Mary Kate McLoughlin, the daughter of a Chicago precinct captain who works for state comptroller Dan Hynes and a secretary who works for the Chicago Library commissioner, said she knew to apply for a legislative scholarship because her parents “know about these things.” One of her older sisters also got a legislative scholarship.

And John Annes was able to pay for three years of medical school at the University of Illinois at Chicago. The cost to the medical school and the rest of its students? More than $120,000 over three years.

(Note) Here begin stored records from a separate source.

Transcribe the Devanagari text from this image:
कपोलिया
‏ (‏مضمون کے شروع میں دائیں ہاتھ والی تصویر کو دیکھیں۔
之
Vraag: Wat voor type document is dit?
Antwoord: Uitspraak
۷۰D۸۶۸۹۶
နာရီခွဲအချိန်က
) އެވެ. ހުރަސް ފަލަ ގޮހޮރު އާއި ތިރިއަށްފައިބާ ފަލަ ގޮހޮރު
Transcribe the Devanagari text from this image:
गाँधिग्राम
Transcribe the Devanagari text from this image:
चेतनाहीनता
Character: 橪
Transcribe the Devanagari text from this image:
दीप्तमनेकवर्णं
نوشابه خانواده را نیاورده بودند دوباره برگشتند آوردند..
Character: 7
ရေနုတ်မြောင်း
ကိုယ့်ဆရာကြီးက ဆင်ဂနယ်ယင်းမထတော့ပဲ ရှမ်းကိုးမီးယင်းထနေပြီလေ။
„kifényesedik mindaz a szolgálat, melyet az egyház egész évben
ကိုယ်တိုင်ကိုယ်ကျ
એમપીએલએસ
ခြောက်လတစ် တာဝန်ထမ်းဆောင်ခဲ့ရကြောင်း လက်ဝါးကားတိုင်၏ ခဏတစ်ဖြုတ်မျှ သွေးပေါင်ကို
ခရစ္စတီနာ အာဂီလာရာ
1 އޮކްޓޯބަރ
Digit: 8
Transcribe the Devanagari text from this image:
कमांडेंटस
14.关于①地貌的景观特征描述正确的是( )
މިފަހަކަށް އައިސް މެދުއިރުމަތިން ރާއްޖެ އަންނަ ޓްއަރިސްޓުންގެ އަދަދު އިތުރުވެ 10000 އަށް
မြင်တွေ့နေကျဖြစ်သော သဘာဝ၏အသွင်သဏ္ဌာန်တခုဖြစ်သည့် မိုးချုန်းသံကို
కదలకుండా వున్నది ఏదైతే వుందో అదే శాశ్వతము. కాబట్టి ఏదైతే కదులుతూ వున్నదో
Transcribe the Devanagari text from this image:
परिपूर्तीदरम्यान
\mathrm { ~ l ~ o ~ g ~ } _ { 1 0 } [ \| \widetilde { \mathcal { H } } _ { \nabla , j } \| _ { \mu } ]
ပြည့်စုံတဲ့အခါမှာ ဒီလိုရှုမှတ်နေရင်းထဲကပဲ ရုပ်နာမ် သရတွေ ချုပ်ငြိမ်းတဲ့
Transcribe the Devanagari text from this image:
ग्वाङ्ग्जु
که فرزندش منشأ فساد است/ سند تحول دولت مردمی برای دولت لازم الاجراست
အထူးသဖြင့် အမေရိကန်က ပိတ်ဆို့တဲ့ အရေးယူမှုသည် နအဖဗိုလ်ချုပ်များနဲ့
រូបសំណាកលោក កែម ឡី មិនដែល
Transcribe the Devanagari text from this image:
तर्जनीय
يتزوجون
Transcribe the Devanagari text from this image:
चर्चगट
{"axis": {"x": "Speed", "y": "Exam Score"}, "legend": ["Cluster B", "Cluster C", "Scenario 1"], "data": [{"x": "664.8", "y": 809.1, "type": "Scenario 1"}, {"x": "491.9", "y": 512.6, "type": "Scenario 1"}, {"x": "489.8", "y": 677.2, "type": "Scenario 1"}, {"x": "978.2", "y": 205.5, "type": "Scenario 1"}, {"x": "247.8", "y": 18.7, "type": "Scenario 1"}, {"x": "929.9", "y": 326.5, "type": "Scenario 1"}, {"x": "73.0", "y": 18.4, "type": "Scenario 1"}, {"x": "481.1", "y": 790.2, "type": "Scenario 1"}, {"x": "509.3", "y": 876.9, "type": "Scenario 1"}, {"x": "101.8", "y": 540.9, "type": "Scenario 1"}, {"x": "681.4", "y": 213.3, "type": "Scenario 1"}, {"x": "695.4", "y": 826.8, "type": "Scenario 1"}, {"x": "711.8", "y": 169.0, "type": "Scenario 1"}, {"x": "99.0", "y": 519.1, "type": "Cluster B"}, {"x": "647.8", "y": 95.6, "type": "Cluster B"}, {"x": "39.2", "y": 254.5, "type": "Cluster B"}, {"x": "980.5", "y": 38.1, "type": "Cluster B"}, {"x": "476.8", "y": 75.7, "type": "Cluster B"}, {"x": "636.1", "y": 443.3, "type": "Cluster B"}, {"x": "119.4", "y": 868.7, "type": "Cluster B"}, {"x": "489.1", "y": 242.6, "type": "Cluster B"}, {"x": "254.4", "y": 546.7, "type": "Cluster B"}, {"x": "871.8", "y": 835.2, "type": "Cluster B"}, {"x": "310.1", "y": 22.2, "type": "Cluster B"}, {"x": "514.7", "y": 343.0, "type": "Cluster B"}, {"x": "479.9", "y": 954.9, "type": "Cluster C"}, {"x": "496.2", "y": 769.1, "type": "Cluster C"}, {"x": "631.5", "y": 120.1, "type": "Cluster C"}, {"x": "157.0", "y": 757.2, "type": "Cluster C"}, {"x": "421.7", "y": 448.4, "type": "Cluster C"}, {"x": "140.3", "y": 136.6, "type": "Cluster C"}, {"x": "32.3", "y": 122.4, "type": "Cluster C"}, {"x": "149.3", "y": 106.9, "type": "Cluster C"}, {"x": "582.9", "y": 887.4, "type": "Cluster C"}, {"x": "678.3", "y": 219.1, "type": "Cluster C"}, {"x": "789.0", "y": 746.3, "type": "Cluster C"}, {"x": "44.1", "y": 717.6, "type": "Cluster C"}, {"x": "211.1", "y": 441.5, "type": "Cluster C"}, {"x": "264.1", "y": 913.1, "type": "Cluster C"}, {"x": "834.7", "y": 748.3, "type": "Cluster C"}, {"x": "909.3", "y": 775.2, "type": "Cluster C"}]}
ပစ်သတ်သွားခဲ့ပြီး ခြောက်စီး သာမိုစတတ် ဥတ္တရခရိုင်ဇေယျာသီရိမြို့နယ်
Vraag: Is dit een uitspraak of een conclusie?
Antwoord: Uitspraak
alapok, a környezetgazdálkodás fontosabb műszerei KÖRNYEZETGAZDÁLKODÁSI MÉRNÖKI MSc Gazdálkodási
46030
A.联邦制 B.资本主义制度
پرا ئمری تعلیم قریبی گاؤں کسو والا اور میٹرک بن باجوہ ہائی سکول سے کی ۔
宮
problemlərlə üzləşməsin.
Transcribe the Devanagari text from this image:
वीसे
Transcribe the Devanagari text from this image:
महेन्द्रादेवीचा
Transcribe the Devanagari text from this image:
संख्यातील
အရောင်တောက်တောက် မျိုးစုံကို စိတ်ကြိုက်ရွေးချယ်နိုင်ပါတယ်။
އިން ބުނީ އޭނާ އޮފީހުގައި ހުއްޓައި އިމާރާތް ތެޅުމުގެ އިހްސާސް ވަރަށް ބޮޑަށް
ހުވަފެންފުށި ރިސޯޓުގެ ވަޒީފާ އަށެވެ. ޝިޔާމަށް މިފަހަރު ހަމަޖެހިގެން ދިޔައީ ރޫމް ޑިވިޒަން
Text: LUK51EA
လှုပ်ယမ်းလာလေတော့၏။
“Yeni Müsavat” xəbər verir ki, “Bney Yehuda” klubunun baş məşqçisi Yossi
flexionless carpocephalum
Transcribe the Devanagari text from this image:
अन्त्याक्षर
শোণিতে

Watson, McLoughlin and Annes were three of more than 60 students a team of Columbia College Chicago journalists interviewed during a three-month investigation done in collaboration with Illinois Statehouse News. In scores of other interviews with legislative staff and lawmakers themselves, ChicagoTalks discovered there’s little regulation of the century-old program with each of the 163 participating lawmakers deciding how to distribute the scholarships, which totaled $12.5 million in 2007-2008.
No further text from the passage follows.